Requirement:
Write the listing out again word for word, excluding any pictures.

** Opening Task material block **

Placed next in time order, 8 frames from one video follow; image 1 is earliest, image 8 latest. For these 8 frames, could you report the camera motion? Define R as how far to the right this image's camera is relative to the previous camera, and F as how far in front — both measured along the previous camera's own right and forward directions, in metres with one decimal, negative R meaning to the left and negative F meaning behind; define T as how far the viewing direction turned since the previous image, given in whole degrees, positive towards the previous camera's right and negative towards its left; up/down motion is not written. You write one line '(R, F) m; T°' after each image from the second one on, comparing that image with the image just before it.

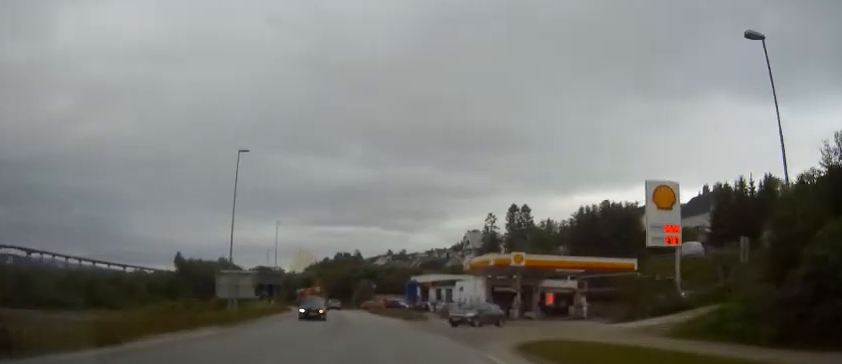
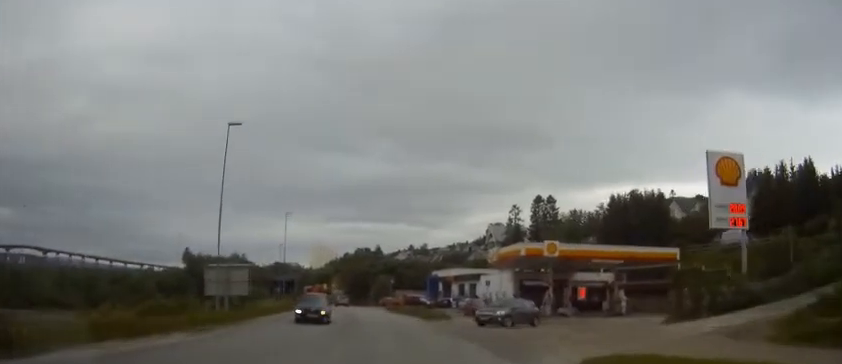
(-0.2, +6.0) m; -1°
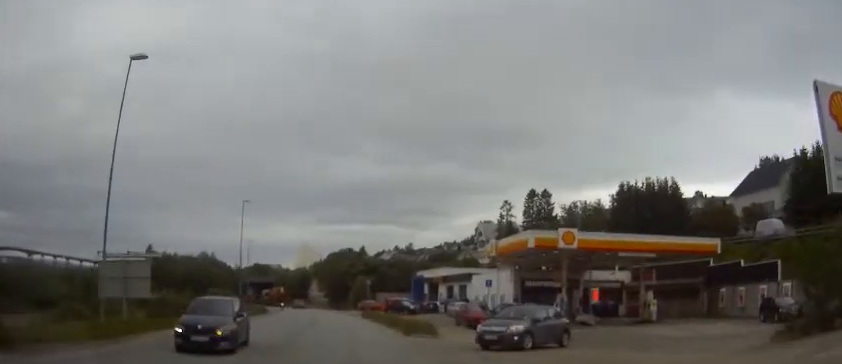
(+0.2, +11.7) m; +2°
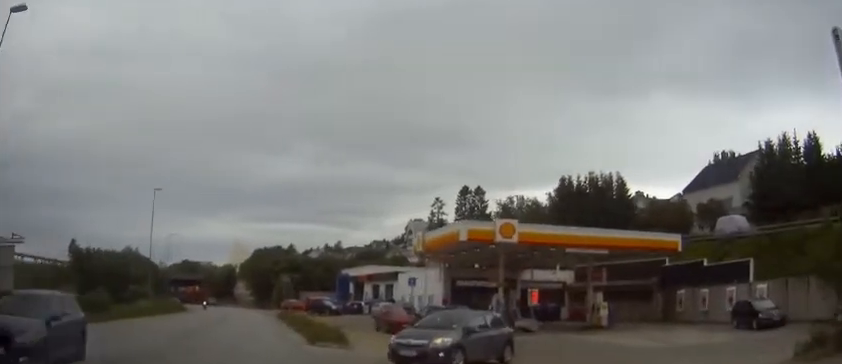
(-0.1, +5.5) m; +3°
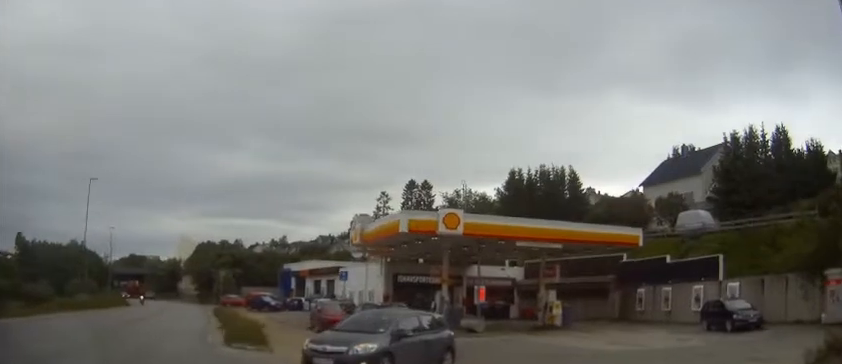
(+0.2, +2.9) m; +5°
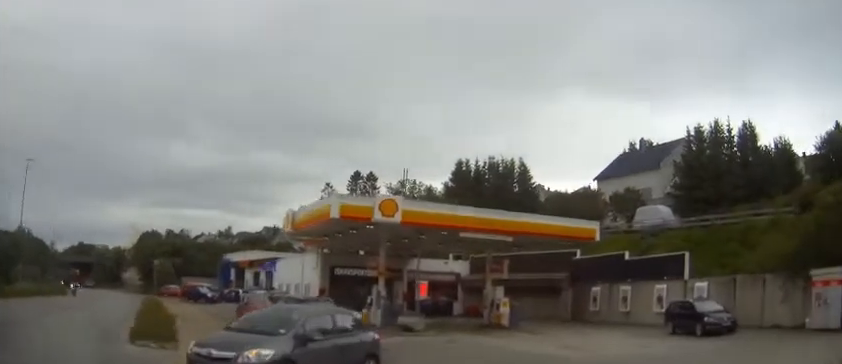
(+0.1, +2.9) m; +5°
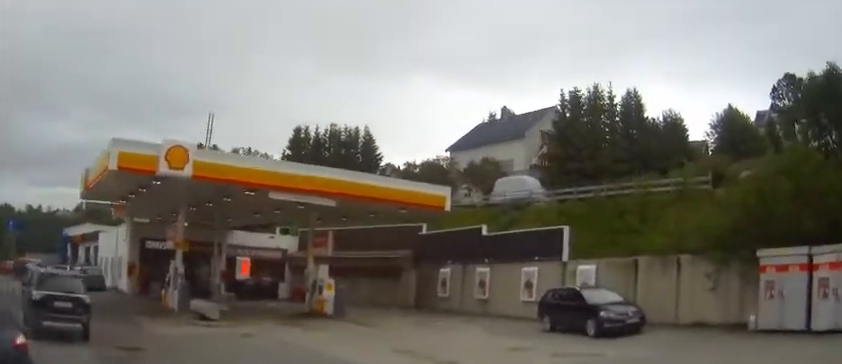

** Closing Task material block **

Written response:
Placed next in time order, 8 frames from one video follow; image 1 is earliest, image 8 latest. For these 8 frames, could you report the camera motion? Define R as how far to the right this image's camera is relative to the previous camera, and F as how far in front — both measured along the previous camera's own right and forward directions, in metres with one decimal, negative R meaning to the left and negative F meaning behind; define T as how far the viewing direction turned since the previous image, given in whole degrees, positive towards the previous camera's right and negative towards its left; up/down motion is not written. You write one line '(R, F) m; T°' after each image from the second one on, comparing that image with the image just before it.

(-0.2, +6.0) m; -1°
(+0.2, +11.7) m; +2°
(-0.1, +5.5) m; +3°
(+0.2, +2.9) m; +5°
(+0.1, +2.9) m; +5°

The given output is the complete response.